One way this is evident is in the
propensity for whites in both countries to claim that current affirmative
action programs (U.S.) and black employment equity (South Africa) are unjust
because they give an “unfair advantage” to blacks based on race (Lewis, 2004).
Both countries also seem to have taken a neoliberal approach; focusing on the
individual (this is more evident within WESSA whiteness in South Africa) and
individual responsibility rather than looking at structural causes for success
and failure (Salusbury and Foster, 2004). This may lead to a larger investment
in the discourse of meritocracy in South Africa, as meritocracy is already a
dominant ideology in the U.S.
In the both U.S. and South Africa the
imbalance of power associated with race is inextricably entwined in history,
culture and legislation. Both have created and maintained racist legislation
and policy that perpetuated the white superiority myth for the past four hundred
years, denying blacks the ability to build economic, cultural and social
capital, maintaining this racial power imbalance. Both countries have created whiteness as a
hegemonic power structure through the construction of a binary and stratified
racial system, segregation through Jim Crow and apartheid and the use of
post-racial rhetoric which continues to build privilege for whites while
simultaneously denying privilege still exists. To truly build a post-racial
society we must focus on extending privileges of whiteness to all people and
making it what it should be—a basic human right.
REFERENCES
Dalmage, Heather. 2011. Lecture Notes, Global Whiteness. January
2011-Februrary 2011.
Duster, Troy. 2001. “ The ‘Morphing’ Power of Whiteness.” Pp. 113-137 in The Making and Unmaking of Whiteness.

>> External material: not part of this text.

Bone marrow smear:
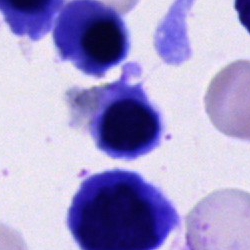Q: Identify the cell.
A: This is a cell of indeterminate lineage.

Edited by Birgit Brander Rasmussen, et al. Durham, NC: Duke University Press
Goodman, David. 1999. Fault Lines:
Journeys into the new South Africa. CA, Berkely: University of California
Press.
Hale, Grace. 1998. Making
Whiteness. NY. Vintage Books
Posel, Deborah. 2001. “Race as Common Sense: Racial Classification in
Twentieth-Century South Africa.” African
Studies Review. 44(2):87-113.
Salusbury, Tess & Don Foster. 2004. “Rewriting WESSA identity.”
Pp.93-109. In Under Construction.
Edited by N. Distiller. & M. Steyn. Sandton: Heinmann.
Steyn, Melissa. 2004. “Rewriting WESSA identity.” Pp.93-109. In Under Construction. Edited by N.
Distiller. & M. Steyn. Sandton: Heinmann.
Unknown. 2010. The Scramble for
Africa. Al Jazeera. Accessed Feb 1, 2011 < http://english.aljazeera.net/programmes/2010/08/2010831112927318164.html>
Winant, Howard. 2001. The World is
a Ghetto: Race and Democracy Since World War II. New York: Basic Books.